Specifically I did something like this… p = pdp.pdp_isolate(m, x, x.colums.value, feat)


#804

It worked! Thanks for the help!


(Wayne Nixalo) #805

Pandas SettingWithCopyWarning:

I had this issue and didn’t find it in a search – here for reference.

While working on a separate dataset, a lot of the methods in fastai.structured resulted in SettingWithCopyWarnings, which were confusing to me since everything ran smoothly during Jeremy’s lecture.

There are a lot of ways to trigger this warning, in my case the issue was that the processed dataframe I was using was not initialized explicitly as a copy of the raw dataframe.

So something like:

df = df_raw.drop[blahblah]

instead of:

df = df_raw.drop[blahblah].copy()

In the first case there’s no way for Pandas to know if df is a ‘view’ or a copy of df_raw, and fastai operations like add_datepart and proc_df (and others) will trigger SettingWithCopyWarnings.


A potentially very confusing warning; completely straightforward fix.


#806

In the first lesson, Jeremy says to stop watching the lessons directly from YouTube.

Okay, but he didn’t provide any links to the lessons on fast.ai. Where can I find the lessons he’s referring to?

Thank you.


#807

Could someone explain how to submit results to Kaggle?

It’s a pity that it wasn’t shown on the first lesson, how does one export the test set results to a csv file with the appropriate columns?

Is there a built-in function to achieve this?


(antoine mercier) #808

My understanding is that Jeremy originally planned to make these videos official on the fast.ai website, but eventually he dropped that plan I guess. So I think the only way is to watch them from YouTube.


(antoine mercier) #809

See this link to lesson 3 of the dl1 course: 00:32:30 Create a submission to Kaggle


(Carlos Vouking) #810

Get them from Courses .


(hector) #811

@fastai1 These videos are supposed to be viewed as part of machine learning MOOC. This hasn’t been launched and not sure when it will be out. However early access to the videos is provided in in the interest of time i guess. Lets hope it will released shortly


(Jeremy Howard (Admin)) #812

You can now discuss these videos on the #ml1 category :slight_smile: We’ll be launching the website for the online course early next week.


#813

When you have several date columns in a dataframe, do you need to pass them all to the date_part function?
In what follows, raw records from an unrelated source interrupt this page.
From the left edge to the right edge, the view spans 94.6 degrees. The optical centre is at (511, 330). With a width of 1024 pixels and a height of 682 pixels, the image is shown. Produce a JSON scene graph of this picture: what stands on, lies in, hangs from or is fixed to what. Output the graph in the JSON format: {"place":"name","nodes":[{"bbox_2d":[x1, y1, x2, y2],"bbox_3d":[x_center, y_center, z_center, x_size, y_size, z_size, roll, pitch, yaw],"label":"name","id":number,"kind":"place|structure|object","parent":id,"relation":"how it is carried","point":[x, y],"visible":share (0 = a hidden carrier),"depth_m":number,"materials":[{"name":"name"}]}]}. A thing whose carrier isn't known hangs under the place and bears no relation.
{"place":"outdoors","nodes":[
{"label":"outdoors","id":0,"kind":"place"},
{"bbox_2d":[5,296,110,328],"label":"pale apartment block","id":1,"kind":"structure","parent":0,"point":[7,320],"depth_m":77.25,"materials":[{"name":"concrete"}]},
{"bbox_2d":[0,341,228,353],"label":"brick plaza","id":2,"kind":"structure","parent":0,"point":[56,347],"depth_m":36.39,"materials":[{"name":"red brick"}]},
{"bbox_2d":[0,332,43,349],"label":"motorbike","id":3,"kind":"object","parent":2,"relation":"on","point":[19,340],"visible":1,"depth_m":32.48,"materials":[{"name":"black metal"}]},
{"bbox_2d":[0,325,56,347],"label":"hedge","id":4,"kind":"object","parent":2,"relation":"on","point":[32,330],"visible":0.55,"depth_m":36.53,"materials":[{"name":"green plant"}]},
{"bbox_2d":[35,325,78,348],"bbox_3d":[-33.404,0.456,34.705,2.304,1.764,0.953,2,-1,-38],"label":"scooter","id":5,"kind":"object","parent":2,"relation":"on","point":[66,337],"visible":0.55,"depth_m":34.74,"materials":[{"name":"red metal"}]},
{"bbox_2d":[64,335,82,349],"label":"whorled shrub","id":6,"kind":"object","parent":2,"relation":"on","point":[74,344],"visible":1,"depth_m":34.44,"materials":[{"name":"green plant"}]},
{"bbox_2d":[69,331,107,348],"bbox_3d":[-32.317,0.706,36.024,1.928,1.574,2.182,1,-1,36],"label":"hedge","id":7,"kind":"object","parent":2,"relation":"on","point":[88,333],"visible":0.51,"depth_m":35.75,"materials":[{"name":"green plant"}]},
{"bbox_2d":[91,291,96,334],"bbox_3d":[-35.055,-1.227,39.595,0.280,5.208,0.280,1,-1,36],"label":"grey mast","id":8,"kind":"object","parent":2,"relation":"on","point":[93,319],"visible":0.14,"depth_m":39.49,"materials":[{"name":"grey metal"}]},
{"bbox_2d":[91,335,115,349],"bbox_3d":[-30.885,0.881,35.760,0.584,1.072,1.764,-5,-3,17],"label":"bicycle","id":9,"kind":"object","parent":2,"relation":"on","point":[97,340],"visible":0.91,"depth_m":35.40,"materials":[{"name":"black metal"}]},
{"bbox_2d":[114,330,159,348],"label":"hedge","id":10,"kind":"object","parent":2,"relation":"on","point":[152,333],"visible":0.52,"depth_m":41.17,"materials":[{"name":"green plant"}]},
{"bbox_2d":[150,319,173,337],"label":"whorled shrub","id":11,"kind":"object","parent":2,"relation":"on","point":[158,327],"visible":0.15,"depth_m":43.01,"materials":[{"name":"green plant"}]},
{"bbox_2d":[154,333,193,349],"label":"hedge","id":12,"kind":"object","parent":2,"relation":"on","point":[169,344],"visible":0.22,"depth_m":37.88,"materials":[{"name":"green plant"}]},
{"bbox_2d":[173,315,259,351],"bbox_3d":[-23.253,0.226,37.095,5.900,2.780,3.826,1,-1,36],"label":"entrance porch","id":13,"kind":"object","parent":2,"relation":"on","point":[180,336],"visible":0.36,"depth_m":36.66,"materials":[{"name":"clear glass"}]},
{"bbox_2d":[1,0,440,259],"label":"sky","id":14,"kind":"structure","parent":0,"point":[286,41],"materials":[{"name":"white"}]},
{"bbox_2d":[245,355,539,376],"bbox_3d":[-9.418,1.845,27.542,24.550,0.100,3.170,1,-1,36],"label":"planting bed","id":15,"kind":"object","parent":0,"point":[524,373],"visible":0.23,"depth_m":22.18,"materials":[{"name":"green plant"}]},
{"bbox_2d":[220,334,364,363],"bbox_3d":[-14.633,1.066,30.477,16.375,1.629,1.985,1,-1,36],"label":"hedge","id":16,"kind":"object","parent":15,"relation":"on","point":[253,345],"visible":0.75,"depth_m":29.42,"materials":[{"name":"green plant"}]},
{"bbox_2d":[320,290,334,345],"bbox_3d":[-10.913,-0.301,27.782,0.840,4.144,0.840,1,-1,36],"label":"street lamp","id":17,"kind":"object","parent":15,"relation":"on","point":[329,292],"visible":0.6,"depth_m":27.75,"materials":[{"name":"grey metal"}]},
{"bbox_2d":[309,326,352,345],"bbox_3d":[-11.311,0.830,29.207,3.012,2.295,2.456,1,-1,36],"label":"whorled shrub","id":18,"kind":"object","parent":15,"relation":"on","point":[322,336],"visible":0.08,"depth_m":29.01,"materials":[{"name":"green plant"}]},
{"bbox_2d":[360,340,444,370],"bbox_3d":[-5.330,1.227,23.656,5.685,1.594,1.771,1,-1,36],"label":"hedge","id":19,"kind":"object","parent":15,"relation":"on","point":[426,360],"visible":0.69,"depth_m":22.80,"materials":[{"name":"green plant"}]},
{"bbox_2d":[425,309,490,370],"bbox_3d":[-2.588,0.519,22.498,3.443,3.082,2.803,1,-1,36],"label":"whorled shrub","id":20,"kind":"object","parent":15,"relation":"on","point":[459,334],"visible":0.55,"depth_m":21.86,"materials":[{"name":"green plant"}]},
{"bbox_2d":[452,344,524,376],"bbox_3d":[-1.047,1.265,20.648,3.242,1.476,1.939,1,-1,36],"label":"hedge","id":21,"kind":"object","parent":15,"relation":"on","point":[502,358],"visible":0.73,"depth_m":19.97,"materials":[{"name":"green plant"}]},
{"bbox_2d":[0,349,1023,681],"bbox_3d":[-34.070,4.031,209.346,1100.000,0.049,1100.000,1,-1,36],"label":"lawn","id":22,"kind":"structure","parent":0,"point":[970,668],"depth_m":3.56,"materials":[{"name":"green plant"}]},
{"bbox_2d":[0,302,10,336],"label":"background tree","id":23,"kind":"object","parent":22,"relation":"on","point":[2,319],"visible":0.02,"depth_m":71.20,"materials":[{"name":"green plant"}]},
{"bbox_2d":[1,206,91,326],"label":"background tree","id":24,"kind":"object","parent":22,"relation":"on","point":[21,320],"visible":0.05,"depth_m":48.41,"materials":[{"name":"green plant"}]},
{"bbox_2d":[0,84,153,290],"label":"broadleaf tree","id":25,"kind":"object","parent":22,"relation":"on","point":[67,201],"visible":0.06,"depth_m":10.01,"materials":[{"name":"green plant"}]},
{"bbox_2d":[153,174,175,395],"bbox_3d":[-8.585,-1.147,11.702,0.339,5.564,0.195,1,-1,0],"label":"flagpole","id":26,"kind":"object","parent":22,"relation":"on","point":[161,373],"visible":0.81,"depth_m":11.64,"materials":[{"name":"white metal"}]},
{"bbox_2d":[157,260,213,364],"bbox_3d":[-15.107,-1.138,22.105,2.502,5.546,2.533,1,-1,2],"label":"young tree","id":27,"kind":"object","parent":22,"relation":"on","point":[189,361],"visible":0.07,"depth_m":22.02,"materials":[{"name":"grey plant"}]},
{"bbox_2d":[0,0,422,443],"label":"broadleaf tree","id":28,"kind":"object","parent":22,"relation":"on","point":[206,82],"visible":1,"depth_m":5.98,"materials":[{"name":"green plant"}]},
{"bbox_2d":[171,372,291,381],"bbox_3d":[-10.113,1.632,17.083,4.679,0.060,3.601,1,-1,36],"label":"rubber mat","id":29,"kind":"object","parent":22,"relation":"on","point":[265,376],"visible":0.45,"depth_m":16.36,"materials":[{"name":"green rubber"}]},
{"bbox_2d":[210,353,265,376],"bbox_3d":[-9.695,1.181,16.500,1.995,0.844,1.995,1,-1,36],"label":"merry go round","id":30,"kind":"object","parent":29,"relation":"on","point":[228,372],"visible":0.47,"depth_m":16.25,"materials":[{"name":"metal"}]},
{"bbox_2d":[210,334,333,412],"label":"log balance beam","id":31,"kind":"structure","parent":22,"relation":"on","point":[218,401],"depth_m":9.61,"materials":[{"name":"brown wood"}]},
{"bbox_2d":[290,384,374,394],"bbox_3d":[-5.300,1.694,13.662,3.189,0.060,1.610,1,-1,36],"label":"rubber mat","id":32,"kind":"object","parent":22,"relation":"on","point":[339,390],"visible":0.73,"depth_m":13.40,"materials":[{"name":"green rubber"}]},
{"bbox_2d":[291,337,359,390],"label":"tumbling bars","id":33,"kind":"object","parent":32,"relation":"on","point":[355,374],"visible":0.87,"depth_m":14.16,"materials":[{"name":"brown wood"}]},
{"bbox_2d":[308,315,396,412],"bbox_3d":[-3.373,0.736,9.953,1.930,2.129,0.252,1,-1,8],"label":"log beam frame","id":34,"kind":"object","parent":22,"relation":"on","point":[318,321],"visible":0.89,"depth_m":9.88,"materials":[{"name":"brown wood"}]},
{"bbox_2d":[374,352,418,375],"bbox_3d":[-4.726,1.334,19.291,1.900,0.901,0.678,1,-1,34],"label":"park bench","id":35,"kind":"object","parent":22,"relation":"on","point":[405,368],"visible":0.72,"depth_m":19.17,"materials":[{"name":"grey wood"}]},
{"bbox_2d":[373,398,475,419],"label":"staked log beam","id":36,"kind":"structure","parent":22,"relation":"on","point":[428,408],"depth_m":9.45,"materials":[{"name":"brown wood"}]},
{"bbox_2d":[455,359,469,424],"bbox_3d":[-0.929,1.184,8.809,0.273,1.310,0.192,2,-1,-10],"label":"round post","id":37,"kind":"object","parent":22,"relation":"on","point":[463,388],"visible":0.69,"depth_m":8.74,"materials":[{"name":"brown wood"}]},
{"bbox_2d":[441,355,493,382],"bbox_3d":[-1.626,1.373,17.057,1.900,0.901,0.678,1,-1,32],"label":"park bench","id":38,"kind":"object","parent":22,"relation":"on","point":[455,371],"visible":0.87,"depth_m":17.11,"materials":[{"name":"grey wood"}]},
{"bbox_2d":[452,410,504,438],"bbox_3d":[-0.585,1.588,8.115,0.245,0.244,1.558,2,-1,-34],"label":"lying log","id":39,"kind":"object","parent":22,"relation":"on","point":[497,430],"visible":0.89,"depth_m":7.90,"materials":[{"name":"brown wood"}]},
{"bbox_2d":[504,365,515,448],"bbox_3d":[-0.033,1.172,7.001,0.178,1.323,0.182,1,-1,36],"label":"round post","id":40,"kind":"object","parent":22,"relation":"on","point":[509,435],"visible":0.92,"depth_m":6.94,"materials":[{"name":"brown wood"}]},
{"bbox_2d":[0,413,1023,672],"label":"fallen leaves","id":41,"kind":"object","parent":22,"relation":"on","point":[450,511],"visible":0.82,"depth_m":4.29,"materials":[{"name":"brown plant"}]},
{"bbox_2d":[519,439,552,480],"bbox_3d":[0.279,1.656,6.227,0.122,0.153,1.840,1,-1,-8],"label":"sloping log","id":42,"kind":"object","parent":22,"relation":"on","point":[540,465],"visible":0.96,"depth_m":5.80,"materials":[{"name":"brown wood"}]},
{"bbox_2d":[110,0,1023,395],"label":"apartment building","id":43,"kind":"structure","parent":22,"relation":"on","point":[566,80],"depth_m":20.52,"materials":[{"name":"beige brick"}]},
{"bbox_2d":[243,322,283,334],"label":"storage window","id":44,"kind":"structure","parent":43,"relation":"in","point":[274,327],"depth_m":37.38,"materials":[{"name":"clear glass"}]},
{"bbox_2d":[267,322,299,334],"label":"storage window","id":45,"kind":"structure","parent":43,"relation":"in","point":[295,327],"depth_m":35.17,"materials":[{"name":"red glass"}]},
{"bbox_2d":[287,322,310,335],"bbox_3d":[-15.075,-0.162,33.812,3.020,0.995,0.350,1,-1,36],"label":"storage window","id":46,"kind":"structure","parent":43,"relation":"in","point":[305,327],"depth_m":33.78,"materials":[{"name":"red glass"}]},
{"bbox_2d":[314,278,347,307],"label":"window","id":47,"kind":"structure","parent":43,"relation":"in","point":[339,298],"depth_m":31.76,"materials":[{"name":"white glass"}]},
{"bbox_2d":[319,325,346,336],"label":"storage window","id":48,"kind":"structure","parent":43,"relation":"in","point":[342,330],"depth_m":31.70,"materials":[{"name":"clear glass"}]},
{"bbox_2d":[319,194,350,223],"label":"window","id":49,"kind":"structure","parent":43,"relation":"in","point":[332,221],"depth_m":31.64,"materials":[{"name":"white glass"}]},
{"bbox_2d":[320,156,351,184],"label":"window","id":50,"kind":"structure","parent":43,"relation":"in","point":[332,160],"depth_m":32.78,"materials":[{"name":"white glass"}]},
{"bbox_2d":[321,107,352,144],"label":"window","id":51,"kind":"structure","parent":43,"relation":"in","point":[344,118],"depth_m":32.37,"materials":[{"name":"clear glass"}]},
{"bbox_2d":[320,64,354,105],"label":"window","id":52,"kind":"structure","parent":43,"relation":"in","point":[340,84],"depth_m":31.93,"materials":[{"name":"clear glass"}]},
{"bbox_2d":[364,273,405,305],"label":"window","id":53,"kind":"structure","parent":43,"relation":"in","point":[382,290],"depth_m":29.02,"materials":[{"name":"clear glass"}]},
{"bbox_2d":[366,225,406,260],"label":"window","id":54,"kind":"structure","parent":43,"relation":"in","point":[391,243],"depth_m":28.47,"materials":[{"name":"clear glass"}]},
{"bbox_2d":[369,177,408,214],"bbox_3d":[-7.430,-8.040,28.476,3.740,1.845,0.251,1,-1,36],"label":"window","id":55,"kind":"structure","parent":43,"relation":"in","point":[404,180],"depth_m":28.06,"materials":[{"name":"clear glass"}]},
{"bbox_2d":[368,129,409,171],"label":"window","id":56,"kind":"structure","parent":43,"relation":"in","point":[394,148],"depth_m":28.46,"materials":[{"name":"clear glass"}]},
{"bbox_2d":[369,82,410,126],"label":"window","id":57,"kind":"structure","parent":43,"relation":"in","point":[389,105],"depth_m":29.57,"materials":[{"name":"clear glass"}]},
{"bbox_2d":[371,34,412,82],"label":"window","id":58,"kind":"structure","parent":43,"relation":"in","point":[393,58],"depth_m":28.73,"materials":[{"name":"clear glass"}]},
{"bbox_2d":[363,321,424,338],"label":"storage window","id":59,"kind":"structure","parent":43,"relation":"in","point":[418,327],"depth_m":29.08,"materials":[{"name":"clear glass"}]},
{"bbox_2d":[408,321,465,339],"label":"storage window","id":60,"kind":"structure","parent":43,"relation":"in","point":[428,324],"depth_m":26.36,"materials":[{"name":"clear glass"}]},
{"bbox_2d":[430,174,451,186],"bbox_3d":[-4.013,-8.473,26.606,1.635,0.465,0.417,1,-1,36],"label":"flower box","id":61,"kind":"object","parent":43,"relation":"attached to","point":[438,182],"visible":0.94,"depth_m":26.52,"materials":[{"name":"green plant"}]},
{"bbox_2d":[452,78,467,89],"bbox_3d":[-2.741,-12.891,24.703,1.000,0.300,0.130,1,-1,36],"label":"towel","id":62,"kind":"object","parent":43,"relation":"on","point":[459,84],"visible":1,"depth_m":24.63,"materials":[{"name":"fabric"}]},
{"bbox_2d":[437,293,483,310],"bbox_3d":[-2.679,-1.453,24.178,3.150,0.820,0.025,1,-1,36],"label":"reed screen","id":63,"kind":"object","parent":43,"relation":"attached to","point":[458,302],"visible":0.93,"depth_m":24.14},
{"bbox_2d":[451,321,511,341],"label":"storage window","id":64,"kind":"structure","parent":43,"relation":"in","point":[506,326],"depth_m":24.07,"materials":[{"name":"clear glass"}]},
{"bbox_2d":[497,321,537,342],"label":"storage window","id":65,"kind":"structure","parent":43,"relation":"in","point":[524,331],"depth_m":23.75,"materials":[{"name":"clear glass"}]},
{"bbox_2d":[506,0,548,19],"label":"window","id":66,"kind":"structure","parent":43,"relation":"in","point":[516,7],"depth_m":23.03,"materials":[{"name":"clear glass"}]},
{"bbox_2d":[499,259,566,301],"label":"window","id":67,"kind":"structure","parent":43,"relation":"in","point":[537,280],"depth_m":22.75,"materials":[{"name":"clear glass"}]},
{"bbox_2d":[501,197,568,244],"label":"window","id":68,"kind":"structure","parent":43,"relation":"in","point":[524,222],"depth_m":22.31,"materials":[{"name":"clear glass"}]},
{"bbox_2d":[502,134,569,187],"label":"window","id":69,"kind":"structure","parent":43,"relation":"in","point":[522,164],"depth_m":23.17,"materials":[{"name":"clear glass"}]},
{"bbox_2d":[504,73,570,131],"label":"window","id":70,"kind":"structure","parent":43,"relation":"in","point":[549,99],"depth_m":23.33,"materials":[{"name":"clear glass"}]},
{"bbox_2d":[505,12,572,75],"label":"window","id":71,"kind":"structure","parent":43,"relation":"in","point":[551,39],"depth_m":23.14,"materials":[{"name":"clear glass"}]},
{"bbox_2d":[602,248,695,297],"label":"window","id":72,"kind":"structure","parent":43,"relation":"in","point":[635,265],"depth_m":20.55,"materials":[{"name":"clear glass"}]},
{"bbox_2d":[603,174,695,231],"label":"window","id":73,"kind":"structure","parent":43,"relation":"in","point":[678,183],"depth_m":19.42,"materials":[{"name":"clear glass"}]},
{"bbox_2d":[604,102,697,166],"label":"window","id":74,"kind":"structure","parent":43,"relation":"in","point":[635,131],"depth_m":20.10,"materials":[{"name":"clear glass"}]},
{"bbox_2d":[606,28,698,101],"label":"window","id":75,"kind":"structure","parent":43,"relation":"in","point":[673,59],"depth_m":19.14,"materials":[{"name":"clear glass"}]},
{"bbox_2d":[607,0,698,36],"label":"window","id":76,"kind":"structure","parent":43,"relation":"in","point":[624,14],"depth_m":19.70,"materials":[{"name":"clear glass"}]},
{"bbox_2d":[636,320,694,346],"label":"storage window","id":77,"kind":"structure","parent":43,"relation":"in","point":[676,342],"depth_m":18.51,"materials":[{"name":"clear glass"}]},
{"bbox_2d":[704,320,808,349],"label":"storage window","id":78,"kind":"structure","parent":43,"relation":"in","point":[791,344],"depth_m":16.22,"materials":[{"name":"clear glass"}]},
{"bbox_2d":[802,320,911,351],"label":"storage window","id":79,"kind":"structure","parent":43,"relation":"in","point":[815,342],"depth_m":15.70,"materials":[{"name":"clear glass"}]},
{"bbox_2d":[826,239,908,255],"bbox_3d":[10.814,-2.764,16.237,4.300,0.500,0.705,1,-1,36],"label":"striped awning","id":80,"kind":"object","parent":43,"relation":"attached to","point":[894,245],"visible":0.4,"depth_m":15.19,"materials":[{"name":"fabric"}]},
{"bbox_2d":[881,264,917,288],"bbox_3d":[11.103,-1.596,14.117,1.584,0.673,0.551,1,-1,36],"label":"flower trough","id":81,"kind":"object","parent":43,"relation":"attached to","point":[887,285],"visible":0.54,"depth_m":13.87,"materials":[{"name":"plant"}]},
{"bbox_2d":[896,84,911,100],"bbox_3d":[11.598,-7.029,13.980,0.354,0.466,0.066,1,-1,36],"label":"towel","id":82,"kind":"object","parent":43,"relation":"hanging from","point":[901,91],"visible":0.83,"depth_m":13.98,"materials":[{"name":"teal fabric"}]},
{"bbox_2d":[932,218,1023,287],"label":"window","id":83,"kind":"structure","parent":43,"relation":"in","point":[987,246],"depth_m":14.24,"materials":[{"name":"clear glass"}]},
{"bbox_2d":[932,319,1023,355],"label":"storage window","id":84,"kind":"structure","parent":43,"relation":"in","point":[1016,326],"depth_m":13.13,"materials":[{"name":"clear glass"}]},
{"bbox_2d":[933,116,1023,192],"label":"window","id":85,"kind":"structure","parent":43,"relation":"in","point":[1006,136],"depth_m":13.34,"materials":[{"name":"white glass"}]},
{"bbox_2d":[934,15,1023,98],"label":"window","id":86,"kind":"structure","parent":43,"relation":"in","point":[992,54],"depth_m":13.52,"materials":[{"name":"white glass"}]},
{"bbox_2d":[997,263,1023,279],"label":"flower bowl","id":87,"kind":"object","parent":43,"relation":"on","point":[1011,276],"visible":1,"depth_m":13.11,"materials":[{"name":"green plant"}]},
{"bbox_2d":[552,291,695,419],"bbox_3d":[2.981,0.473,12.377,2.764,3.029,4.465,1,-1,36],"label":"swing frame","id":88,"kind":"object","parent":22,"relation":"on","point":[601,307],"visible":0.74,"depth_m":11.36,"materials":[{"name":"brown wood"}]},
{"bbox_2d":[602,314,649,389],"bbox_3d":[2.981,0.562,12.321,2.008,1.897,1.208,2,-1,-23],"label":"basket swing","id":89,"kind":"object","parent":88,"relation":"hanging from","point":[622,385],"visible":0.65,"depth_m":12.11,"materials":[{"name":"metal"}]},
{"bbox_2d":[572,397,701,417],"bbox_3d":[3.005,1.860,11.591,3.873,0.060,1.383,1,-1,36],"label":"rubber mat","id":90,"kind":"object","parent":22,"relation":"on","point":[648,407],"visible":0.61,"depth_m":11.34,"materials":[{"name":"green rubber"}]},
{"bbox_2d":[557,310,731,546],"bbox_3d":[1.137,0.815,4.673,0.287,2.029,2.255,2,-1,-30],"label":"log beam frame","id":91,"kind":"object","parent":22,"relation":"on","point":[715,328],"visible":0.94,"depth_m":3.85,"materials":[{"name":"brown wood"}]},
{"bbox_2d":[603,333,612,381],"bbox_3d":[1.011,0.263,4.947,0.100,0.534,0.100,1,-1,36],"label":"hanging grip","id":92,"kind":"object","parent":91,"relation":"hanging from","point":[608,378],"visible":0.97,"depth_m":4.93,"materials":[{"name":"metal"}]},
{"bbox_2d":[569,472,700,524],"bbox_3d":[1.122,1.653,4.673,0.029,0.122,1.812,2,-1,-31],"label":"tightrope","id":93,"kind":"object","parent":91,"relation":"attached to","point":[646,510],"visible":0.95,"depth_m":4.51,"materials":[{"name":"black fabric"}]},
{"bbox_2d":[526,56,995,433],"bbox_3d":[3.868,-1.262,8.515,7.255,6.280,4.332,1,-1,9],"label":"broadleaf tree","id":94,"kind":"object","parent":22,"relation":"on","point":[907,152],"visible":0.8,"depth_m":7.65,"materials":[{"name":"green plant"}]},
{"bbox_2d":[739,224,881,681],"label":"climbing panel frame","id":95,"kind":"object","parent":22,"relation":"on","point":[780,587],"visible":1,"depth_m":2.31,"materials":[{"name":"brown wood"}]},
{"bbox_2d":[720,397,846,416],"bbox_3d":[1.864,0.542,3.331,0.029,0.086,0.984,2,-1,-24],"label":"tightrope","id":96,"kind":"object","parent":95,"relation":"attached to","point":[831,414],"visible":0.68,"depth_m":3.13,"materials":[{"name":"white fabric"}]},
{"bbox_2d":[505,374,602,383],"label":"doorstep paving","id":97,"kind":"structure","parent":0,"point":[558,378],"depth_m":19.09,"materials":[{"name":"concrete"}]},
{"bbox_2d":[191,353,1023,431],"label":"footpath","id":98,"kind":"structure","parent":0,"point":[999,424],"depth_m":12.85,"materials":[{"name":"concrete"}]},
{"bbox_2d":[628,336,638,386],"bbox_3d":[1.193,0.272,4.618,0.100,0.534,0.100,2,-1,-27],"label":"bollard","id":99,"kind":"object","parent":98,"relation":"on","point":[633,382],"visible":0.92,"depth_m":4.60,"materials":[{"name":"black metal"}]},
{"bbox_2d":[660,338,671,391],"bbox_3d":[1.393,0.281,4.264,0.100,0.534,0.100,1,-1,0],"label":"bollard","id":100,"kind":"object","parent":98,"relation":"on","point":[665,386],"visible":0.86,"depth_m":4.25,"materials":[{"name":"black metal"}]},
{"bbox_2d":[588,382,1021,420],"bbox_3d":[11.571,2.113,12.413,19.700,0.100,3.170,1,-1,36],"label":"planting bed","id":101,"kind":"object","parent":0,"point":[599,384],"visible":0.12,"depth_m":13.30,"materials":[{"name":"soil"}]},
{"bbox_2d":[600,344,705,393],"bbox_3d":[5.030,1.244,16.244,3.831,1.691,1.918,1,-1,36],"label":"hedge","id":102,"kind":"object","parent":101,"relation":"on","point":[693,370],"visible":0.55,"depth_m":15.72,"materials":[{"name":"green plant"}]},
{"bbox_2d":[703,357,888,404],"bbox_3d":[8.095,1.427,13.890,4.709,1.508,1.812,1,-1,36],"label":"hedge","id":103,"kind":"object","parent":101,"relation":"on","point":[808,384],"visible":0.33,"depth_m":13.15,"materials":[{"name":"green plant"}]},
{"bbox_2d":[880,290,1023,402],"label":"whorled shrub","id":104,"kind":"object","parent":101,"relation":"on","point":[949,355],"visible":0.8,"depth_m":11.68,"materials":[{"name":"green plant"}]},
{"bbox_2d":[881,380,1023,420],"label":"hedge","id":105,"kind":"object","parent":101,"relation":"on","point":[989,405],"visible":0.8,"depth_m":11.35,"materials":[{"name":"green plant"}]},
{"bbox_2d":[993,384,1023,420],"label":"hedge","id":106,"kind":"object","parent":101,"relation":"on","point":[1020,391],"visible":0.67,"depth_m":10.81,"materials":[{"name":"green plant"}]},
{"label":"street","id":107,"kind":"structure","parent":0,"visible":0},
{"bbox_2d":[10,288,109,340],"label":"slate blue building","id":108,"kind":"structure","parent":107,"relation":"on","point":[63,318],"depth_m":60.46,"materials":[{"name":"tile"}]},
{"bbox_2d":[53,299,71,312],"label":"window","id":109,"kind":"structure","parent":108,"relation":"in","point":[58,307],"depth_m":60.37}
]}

If so, is there way to iterate through each of the columns to find which are of the date datatype and convert them to codes?

I have tried this on two columns of my df, but I get an error in return:

for col in sliced_list:
    df_raw.col 
AttributeError: 'DataFrame' object has no attribute 'col'

Or else, if I try:

for col in sliced_list:
    df_raw.columns.col
AttributeError: 'Index' object has no attribute 'col'

Is there an easy way to iterate through a dataframe’s columns?


(Jeremy Howard (Admin)) #814

@fastai1 please use the #ml1 category for discussing this course now.


#815

Hey Jeremy, sorry but I have already posted many questions on the forum you indicated, and I seem to not get any response for several days. This page seemed much more reactive to me.

Where should I post exactly to get an answer?